Si j’ai bien compris les résultats du premier tour des élections régionales, on n’est pas au bout de nos Le Pen. Ils ont l’air tellement invincibles qu’on avait pensé, cet été, que le mieux était de compter sur le père pour dégommer la fille (et réciproquement). Chou blanc. Au contraire, la bataille a plutôt eu comme effet de blanchir Marine. Gageons que ça pourrait se reproduire entre la tante et la nièce : les déclarations incendiaires de Marion pourraient provoquer des réserves de Marine, qui finira par se présenter en rempart contre sa famille, se posant on ne peut mieux en femme d’Etat.
Qu’est-ce qui a changé pour que le Front national devienne plus respectable ? Les cadres du parti, son idéologie ou les électeurs ? Ceux qui se cachaient commencent à pavoiser. Les candidats des autres partis n’ont plus rien à reprocher aux électeurs du FN, ce sont des brebis égarées dont ils entendent soudain d’autant mieux les bêlements douloureux qu’ils espèrent plus rapide leur retour au bercail. Mais le temps semble passé où ces électeurs n’étaient que des imbéciles à qui il fallait pardonner car ils ne savaient pas ce qu’ils faisaient. D’ailleurs, tout le monde comprend pourquoi le vote Front national augmente. Les brebis, parfois, rêvent de devenir des loups. Si c’était un vote de protestation, les électeurs, une fois le FN au pouvoir, se contenteraient de dire : «Bien fait, bisque bisque rage.»
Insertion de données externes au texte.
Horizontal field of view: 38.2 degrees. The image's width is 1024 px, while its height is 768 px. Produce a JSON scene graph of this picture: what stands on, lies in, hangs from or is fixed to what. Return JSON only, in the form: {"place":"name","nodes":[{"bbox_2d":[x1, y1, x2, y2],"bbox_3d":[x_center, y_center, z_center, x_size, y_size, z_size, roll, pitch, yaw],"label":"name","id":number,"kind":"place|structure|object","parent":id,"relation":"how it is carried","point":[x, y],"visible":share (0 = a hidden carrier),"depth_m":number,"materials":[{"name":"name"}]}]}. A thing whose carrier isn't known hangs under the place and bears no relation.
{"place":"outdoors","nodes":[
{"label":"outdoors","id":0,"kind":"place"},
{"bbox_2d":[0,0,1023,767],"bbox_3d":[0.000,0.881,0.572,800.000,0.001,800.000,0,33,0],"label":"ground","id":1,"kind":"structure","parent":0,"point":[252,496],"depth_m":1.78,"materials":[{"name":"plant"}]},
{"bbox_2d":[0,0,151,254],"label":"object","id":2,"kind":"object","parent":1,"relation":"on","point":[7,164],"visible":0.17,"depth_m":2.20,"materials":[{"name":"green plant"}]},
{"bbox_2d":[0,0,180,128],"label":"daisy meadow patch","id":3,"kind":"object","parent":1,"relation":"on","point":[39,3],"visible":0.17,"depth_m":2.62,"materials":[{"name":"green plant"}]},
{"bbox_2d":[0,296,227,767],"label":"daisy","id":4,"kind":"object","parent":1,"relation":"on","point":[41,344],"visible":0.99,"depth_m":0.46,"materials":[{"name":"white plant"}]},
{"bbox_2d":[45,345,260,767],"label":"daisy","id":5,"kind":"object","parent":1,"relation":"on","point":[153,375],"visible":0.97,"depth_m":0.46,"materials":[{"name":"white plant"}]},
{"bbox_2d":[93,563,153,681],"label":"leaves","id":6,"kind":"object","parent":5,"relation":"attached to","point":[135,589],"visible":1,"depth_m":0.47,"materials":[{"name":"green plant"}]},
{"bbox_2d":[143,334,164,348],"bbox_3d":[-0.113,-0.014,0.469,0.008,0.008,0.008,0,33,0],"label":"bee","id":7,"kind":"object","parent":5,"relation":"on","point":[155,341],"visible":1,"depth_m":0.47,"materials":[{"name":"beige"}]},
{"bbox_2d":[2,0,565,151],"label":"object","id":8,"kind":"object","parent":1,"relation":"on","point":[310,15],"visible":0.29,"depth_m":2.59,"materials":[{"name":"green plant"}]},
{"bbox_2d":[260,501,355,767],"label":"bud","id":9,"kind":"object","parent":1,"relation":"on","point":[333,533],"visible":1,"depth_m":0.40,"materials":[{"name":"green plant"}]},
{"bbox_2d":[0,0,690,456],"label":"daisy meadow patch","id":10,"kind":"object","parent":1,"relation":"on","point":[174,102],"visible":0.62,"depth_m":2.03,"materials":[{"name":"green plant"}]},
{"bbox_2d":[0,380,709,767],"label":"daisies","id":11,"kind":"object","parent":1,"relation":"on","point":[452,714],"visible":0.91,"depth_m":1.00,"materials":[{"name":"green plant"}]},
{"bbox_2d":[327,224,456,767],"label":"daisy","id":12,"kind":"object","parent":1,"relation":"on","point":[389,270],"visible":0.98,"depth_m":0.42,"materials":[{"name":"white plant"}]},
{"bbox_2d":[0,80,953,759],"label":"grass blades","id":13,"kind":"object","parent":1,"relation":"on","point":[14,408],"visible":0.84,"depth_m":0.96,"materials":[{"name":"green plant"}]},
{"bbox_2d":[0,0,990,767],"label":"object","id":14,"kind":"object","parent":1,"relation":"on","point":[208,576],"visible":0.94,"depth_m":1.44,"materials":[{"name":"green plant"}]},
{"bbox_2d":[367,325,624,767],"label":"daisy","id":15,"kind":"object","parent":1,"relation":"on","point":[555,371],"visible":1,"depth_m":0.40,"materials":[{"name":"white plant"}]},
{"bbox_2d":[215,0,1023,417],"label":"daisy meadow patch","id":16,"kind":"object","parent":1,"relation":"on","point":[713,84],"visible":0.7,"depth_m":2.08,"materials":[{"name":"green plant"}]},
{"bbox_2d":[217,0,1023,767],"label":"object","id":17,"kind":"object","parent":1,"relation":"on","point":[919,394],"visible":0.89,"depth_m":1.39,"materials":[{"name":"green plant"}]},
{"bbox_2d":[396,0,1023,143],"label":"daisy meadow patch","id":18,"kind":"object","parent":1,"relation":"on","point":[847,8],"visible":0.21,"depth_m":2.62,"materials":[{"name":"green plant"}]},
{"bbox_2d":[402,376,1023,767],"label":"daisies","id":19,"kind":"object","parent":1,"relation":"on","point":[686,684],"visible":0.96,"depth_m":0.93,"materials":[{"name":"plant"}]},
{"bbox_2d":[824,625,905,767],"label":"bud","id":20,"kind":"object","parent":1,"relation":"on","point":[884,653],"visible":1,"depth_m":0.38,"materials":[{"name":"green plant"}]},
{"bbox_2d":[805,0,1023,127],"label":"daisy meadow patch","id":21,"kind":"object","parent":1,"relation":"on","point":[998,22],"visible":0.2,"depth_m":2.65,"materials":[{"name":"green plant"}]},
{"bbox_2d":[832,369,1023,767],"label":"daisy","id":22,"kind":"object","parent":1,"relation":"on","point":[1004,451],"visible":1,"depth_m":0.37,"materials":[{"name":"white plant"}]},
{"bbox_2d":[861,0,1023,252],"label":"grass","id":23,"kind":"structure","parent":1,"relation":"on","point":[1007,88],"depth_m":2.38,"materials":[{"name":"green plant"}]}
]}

Ce qui est inquiétant, c’est que les électeurs attendent des résultats du Front national. Mais bon, c’est aussi une lueur d’espoir dans cette France en guerre victime du terrorisme et où le chômage est au plus haut : il y a des gens pour penser qu’on sera plus forts si on arrive à rester entre Français, avec nos petits francs. Il y a aussi un côté kamikaze social, contre lequel il est comme on sait difficile de se défendre, chez ceux qui sont persuadés qu’ils n’ont rien à perdre.
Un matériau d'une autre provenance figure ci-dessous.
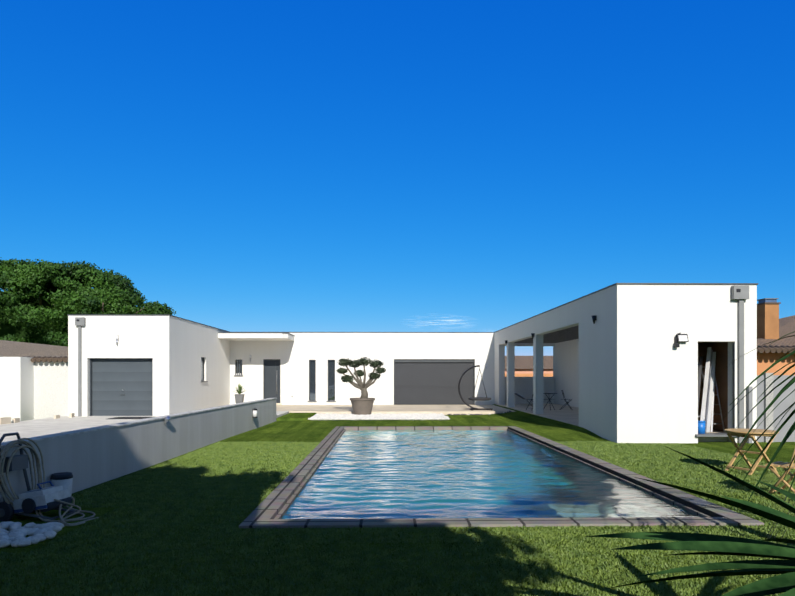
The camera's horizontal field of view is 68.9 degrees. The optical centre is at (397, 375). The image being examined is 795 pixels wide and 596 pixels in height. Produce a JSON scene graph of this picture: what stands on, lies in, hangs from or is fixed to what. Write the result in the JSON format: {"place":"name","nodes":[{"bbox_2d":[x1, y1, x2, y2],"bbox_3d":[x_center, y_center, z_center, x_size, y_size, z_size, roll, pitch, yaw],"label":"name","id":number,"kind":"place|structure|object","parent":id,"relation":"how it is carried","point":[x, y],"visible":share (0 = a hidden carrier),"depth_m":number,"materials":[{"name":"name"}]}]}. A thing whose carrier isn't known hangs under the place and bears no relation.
{"place":"outdoors","nodes":[
{"label":"outdoors","id":0,"kind":"place"},
{"bbox_2d":[0,405,514,441],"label":"paving","id":1,"kind":"structure","parent":0,"point":[36,427],"depth_m":23.96,"materials":[{"name":"concrete"}]},
{"bbox_2d":[0,413,74,423],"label":"kerb blocks","id":2,"kind":"structure","parent":1,"relation":"on","point":[5,420],"depth_m":18.64,"materials":[{"name":"concrete"}]},
{"bbox_2d":[108,417,151,418],"bbox_3d":[-9.449,1.507,20.743,1.480,0.016,0.980,0,0,-1],"label":"threshold","id":3,"kind":"object","parent":1,"relation":"on","point":[129,417],"visible":0.62,"depth_m":20.65,"materials":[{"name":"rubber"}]},
{"bbox_2d":[234,394,244,402],"bbox_3d":[-7.734,1.205,28.380,0.400,0.620,0.400,0,0,-1],"label":"door planter","id":4,"kind":"object","parent":1,"relation":"on","point":[239,398],"visible":0.68,"depth_m":28.21,"materials":[{"name":"concrete"}]},
{"bbox_2d":[233,383,245,393],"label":"yucca","id":5,"kind":"object","parent":4,"relation":"on","point":[239,388],"depth_m":28.31,"materials":[{"name":"green plant"}]},
{"bbox_2d":[458,365,492,409],"bbox_3d":[3.458,0.515,25.660,1.533,1.993,1.053,0,0,-1],"label":"hanging chair","id":6,"kind":"object","parent":1,"relation":"on","point":[486,398],"visible":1,"depth_m":25.64,"materials":[{"name":"black metal"}]},
{"bbox_2d":[0,404,794,595],"bbox_3d":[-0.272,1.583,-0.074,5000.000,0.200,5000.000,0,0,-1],"label":"ground","id":7,"kind":"structure","parent":0,"point":[312,431],"depth_m":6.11,"materials":[{"name":"green plant"}]},
{"bbox_2d":[0,521,63,547],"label":"white pebble heap","id":8,"kind":"object","parent":7,"relation":"on","point":[16,534],"visible":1,"depth_m":5.94,"materials":[{"name":"white stone"}]},
{"bbox_2d":[0,340,67,421],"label":"neighbour outbuilding","id":9,"kind":"structure","parent":7,"relation":"on","point":[33,381],"depth_m":21.91,"materials":[{"name":"white paint"}]},
{"bbox_2d":[0,432,75,521],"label":"pool cleaner cart","id":10,"kind":"object","parent":7,"relation":"on","point":[18,462],"visible":0.67,"depth_m":6.75,"materials":[{"name":"black plastic"}]},
{"bbox_2d":[13,481,71,515],"bbox_3d":[-4.151,1.426,6.789,0.535,0.362,0.470,0,0,-1],"label":"pool cleaning robot","id":11,"kind":"object","parent":10,"relation":"on","point":[40,498],"visible":0.96,"depth_m":6.64,"materials":[{"name":"plastic"}]},
{"bbox_2d":[0,438,98,525],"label":"hose","id":12,"kind":"object","parent":7,"relation":"on","point":[7,448],"visible":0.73,"depth_m":6.71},
{"bbox_2d":[50,472,72,494],"bbox_3d":[-4.482,1.485,7.742,0.263,0.360,0.270,0,0,-1],"label":"bucket","id":13,"kind":"object","parent":7,"relation":"on","point":[65,479],"visible":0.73,"depth_m":7.66,"materials":[{"name":"white plastic"}]},
{"bbox_2d":[0,257,175,346],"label":"umbrella pines","id":14,"kind":"object","parent":7,"relation":"on","point":[39,301],"visible":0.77,"depth_m":51.70,"materials":[{"name":"green plant"}]},
{"bbox_2d":[0,398,276,505],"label":"retaining wall","id":15,"kind":"structure","parent":7,"relation":"on","point":[90,457],"depth_m":9.94,"materials":[{"name":"grey paint"}]},
{"bbox_2d":[164,416,170,424],"bbox_3d":[-4.549,0.897,11.352,0.175,0.206,0.138,0,0,-1],"label":"wall lamp","id":16,"kind":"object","parent":15,"relation":"attached to","point":[167,418],"depth_m":11.33,"materials":[{"name":"metal"}]},
{"bbox_2d":[253,409,256,417],"bbox_3d":[-4.411,1.155,17.945,0.150,0.280,0.150,0,0,-1],"label":"wall lamp","id":17,"kind":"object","parent":15,"relation":"attached to","point":[254,413],"depth_m":17.89,"materials":[{"name":"white metal"}]},
{"bbox_2d":[276,413,315,420],"bbox_3d":[-3.977,1.620,23.180,1.140,0.090,3.250,0,0,-1],"label":"turf patch","id":18,"kind":"object","parent":7,"relation":"on","point":[296,417],"visible":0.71,"depth_m":21.92,"materials":[{"name":"green plant"}]},
{"bbox_2d":[309,413,448,419],"bbox_3d":[-0.728,1.633,23.185,5.293,0.104,2.987,0,0,-1],"label":"gravel bed","id":19,"kind":"object","parent":7,"relation":"on","point":[399,416],"visible":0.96,"depth_m":22.79,"materials":[{"name":"white gravel"}]},
{"bbox_2d":[350,398,374,414],"bbox_3d":[-1.469,1.280,24.257,1.080,0.700,1.080,0,0,-1],"label":"olive planter","id":20,"kind":"object","parent":19,"relation":"on","point":[362,406],"visible":0.88,"depth_m":23.89,"materials":[{"name":"ceramic"}]},
{"bbox_2d":[336,357,385,398],"bbox_3d":[-1.517,0.123,24.272,2.089,1.841,0.757,0,0,-1],"label":"olive tree","id":21,"kind":"object","parent":20,"relation":"on","point":[360,384],"visible":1,"depth_m":24.18,"materials":[{"name":"green plant"}]},
{"bbox_2d":[308,410,511,419],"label":"border pebbles","id":22,"kind":"object","parent":7,"relation":"on","point":[442,414],"visible":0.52,"depth_m":21.75,"materials":[{"name":"white stone"}]},
{"bbox_2d":[67,283,757,442],"bbox_3d":[-1.871,-0.292,26.787,21.150,4.015,25.225,0,0,-1],"label":"villa","id":23,"kind":"object","parent":7,"relation":"on","point":[625,370],"visible":0.75,"depth_m":21.72,"materials":[{"name":"white paint"}]},
{"bbox_2d":[75,317,85,415],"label":"downspout","id":24,"kind":"structure","parent":23,"relation":"attached to","point":[80,322],"depth_m":21.62,"materials":[{"name":"grey metal"}]},
{"bbox_2d":[90,358,152,415],"bbox_3d":[-10.404,0.425,21.954,2.420,2.180,0.120,0,0,-1],"label":"garage door","id":25,"kind":"structure","parent":23,"relation":"attached to","point":[121,386],"depth_m":21.96,"materials":[{"name":"metal"}]},
{"bbox_2d":[201,357,207,381],"bbox_3d":[-8.709,-0.275,25.879,0.210,1.120,0.840,0,0,-1],"label":"window","id":26,"kind":"structure","parent":23,"relation":"on","point":[202,369],"depth_m":26.09,"materials":[{"name":"grey glass"}]},
{"bbox_2d":[234,360,242,375],"bbox_3d":[-8.295,-0.415,30.359,0.500,0.880,0.280,0,0,-1],"label":"window","id":27,"kind":"structure","parent":23,"relation":"on","point":[238,367],"depth_m":30.46,"materials":[{"name":"grey glass"}]},
{"bbox_2d":[263,359,281,404],"bbox_3d":[-6.569,0.325,30.354,1.050,2.380,0.220,0,0,-1],"label":"front door","id":28,"kind":"structure","parent":23,"relation":"attached to","point":[271,378],"depth_m":30.40,"materials":[{"name":"metal"}]},
{"bbox_2d":[308,360,316,401],"bbox_3d":[-4.466,0.260,30.437,0.480,2.210,0.280,0,0,-1],"label":"tall window","id":29,"kind":"structure","parent":23,"relation":"attached to","point":[312,380],"depth_m":30.54,"materials":[{"name":"grey glass"}]},
{"bbox_2d":[326,360,335,401],"bbox_3d":[-3.471,0.260,30.457,0.510,2.210,0.280,0,0,-1],"label":"tall window","id":30,"kind":"structure","parent":23,"relation":"attached to","point":[331,380],"depth_m":30.56,"materials":[{"name":"grey glass"}]},
{"bbox_2d":[394,359,474,404],"bbox_3d":[1.937,0.320,30.617,4.270,2.390,0.120,0,0,-1],"label":"roller shutter","id":31,"kind":"object","parent":23,"relation":"attached to","point":[426,381],"visible":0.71,"depth_m":30.63,"materials":[{"name":"grey metal"}]},
{"bbox_2d":[515,393,554,404],"bbox_3d":[6.739,1.152,28.675,1.919,0.643,0.630,0,0,-6],"label":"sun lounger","id":32,"kind":"object","parent":23,"relation":"on","point":[520,396],"visible":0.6,"depth_m":28.47,"materials":[{"name":"metal"}]},
{"bbox_2d":[515,325,578,342],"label":"ceiling","id":33,"kind":"structure","parent":23,"relation":"on","point":[567,334],"depth_m":25.29,"materials":[{"name":"white paint"}]},
{"bbox_2d":[543,393,556,409],"bbox_3d":[6.520,1.108,24.870,0.660,0.725,0.660,0,0,-1],"label":"bistro table","id":34,"kind":"object","parent":23,"relation":"on","point":[549,399],"visible":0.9,"depth_m":24.80,"materials":[{"name":"black metal"}]},
{"bbox_2d":[559,390,571,409],"bbox_3d":[7.259,1.038,24.987,0.514,0.869,0.422,0,0,9],"label":"bistro chair","id":35,"kind":"object","parent":23,"relation":"on","point":[565,401],"visible":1,"depth_m":24.81,"materials":[{"name":"black metal"}]},
{"bbox_2d":[592,315,596,323],"bbox_3d":[5.346,-1.525,15.764,0.133,0.220,0.140,0,0,-1],"label":"wall lamp","id":36,"kind":"object","parent":23,"relation":"attached to","point":[594,318],"visible":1,"depth_m":15.73,"materials":[{"name":"black metal"}]},
{"bbox_2d":[674,333,688,346],"bbox_3d":[7.001,-0.885,14.317,0.330,0.361,0.121,0,0,-1],"label":"flood light","id":37,"kind":"object","parent":23,"relation":"attached to","point":[679,337],"visible":0.98,"depth_m":14.29,"materials":[{"name":"white metal"}]},
{"bbox_2d":[698,347,724,432],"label":"boards","id":38,"kind":"object","parent":23,"relation":"on","point":[710,384],"visible":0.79,"depth_m":15.12,"materials":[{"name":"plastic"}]},
{"bbox_2d":[695,342,735,436],"bbox_3d":[7.168,-0.165,15.166,2.860,3.340,1.730,0,0,-1],"label":"doorway","id":39,"kind":"structure","parent":23,"relation":"on","point":[720,349],"depth_m":15.38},
{"bbox_2d":[698,416,705,433],"bbox_3d":[7.630,1.224,14.610,0.244,0.453,0.250,0,0,-1],"label":"gas cylinder","id":40,"kind":"object","parent":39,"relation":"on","point":[701,427],"visible":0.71,"depth_m":14.51,"materials":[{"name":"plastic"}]},
{"bbox_2d":[731,285,748,442],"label":"downspout","id":41,"kind":"structure","parent":23,"relation":"attached to","point":[740,294],"depth_m":14.34,"materials":[{"name":"white metal"}]},
{"bbox_2d":[239,426,763,527],"bbox_3d":[1.045,1.708,12.596,5.810,0.154,12.420,0,0,-1],"label":"pool coping","id":42,"kind":"object","parent":7,"relation":"on","point":[272,507],"visible":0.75,"depth_m":7.14,"materials":[{"name":"grey stone"}]},
{"bbox_2d":[505,356,552,376],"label":"distant houses","id":43,"kind":"structure","parent":7,"relation":"on","point":[523,366],"depth_m":62.77,"materials":[{"name":"ceramic"}]},
{"bbox_2d":[586,446,794,595],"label":"yucca","id":44,"kind":"object","parent":7,"relation":"on","point":[784,581],"visible":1,"depth_m":2.69,"materials":[{"name":"green plant"}]},
{"bbox_2d":[706,331,794,559],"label":"palm plant","id":45,"kind":"object","parent":7,"relation":"on","point":[777,396],"visible":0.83,"depth_m":4.80,"materials":[{"name":"green plant"}]},
{"bbox_2d":[724,428,778,474],"bbox_3d":[6.075,1.304,9.958,0.800,0.729,0.800,0,0,-1],"label":"folding table","id":46,"kind":"object","parent":7,"relation":"on","point":[739,432],"visible":0.73,"depth_m":9.86,"materials":[{"name":"brown wood"}]},
{"bbox_2d":[746,373,794,442],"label":"fence wall","id":47,"kind":"structure","parent":7,"relation":"on","point":[781,407],"depth_m":14.54,"materials":[{"name":"concrete"}]},
{"bbox_2d":[757,298,794,374],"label":"neighbour house","id":48,"kind":"structure","parent":7,"relation":"on","point":[771,326],"depth_m":21.18,"materials":[{"name":"paint"}]},
{"bbox_2d":[765,449,794,497],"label":"teak chair","id":49,"kind":"object","parent":7,"relation":"on","point":[785,465],"visible":0.71,"depth_m":7.76,"materials":[{"name":"brown wood"}]},
{"bbox_2d":[0,0,794,355],"label":"sky","id":50,"kind":"structure","parent":0,"point":[248,165],"materials":[{"name":"blue"}]},
{"bbox_2d":[405,314,472,330],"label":"cloud","id":51,"kind":"structure","parent":0,"point":[439,324],"depth_m":901.44,"materials":[{"name":"white"}]},
{"bbox_3d":[1.045,2.445,12.596,5.150,1.340,11.760,0,0,-1],"label":"pool","id":52,"kind":"object","parent":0,"visible":0},
{"bbox_2d":[280,430,701,518],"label":"pool water","id":53,"kind":"structure","parent":52,"relation":"in","point":[382,474],"depth_m":9.30,"materials":[{"name":"teal liquid"}]}
]}

C’est singulier, la démocratie, quand on n’a pas d’autre choix que de voter pour quelqu’un qui n’est pas son choix, ou «ni-ni», ce qui n’est pas non plus très exaltant. Le désistement en faveur de l’adversaire, ça a un côté enfantin, comme si on levait les bras en disant : «Je me rends.» C’est sympathique et défendable mais c’est aussi un peu le fameux drapeau blanc de la vertu qui est parfois dur à avaler. De ce point de vue, peut-être Marine Le Pen s’indignera-t-elle bientôt de la faible présence des femmes à la tête des partis prétendus républicains quand sa nièce et elle forment avec le seul Florian Philippot les personnalités les plus en vue du FN. Quand il a choisi d’appeler son nouveau parti Les Républicains, Nicolas Sarkozy ne devait pas imaginer que les initiales LR allaient phonétiquement désigner l’état où se retrouve la droite.
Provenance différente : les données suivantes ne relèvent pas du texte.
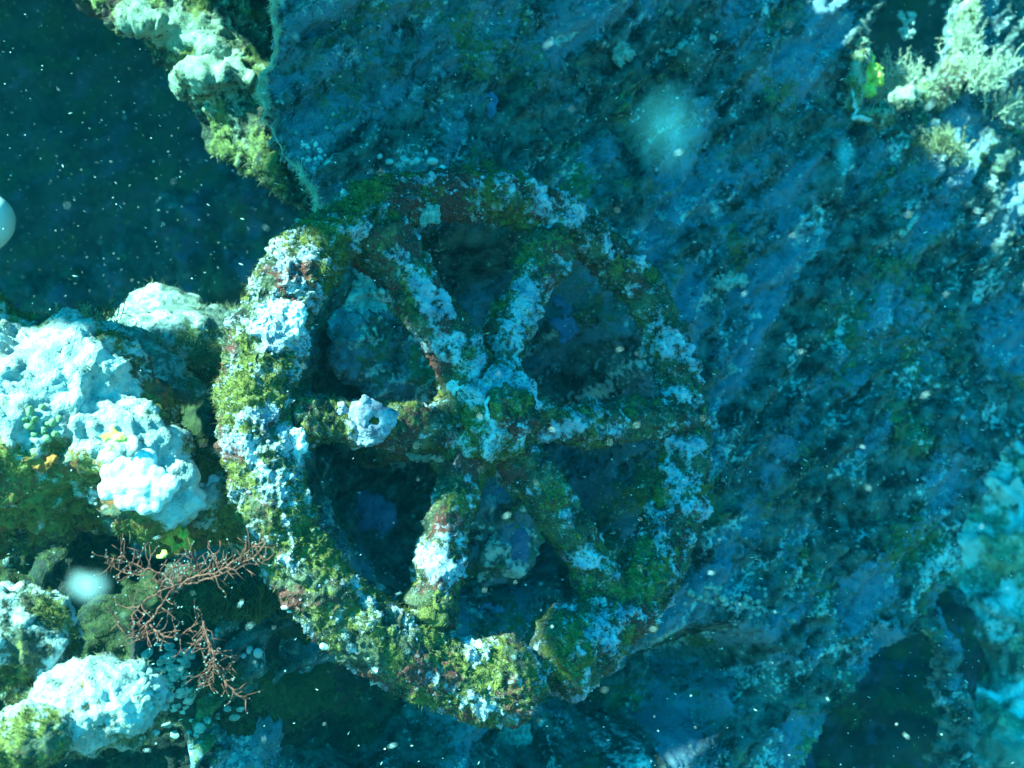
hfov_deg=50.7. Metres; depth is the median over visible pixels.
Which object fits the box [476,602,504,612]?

L’austérité ne s’est pas révélée le vaccin adéquat contre l’extrême droite. On imagine la stupeur à Bruxelles où les experts n’avaient pas dû prévoir ces effets collatéraux. Ou peut-être les connaissaient-ils parfaitement mais ont-ils pensé qu’il ne fallait pas se tromper de priorité, le pacte de stabilité économique plus que le pacte de stabilité sociale. Si j’ai bien compris, la dette, voilà l’ennemie, la dette immonde qui rampe dans nos rues, vient terroriser nos villages, assommer les vieux et empêcher les enfants de dormir.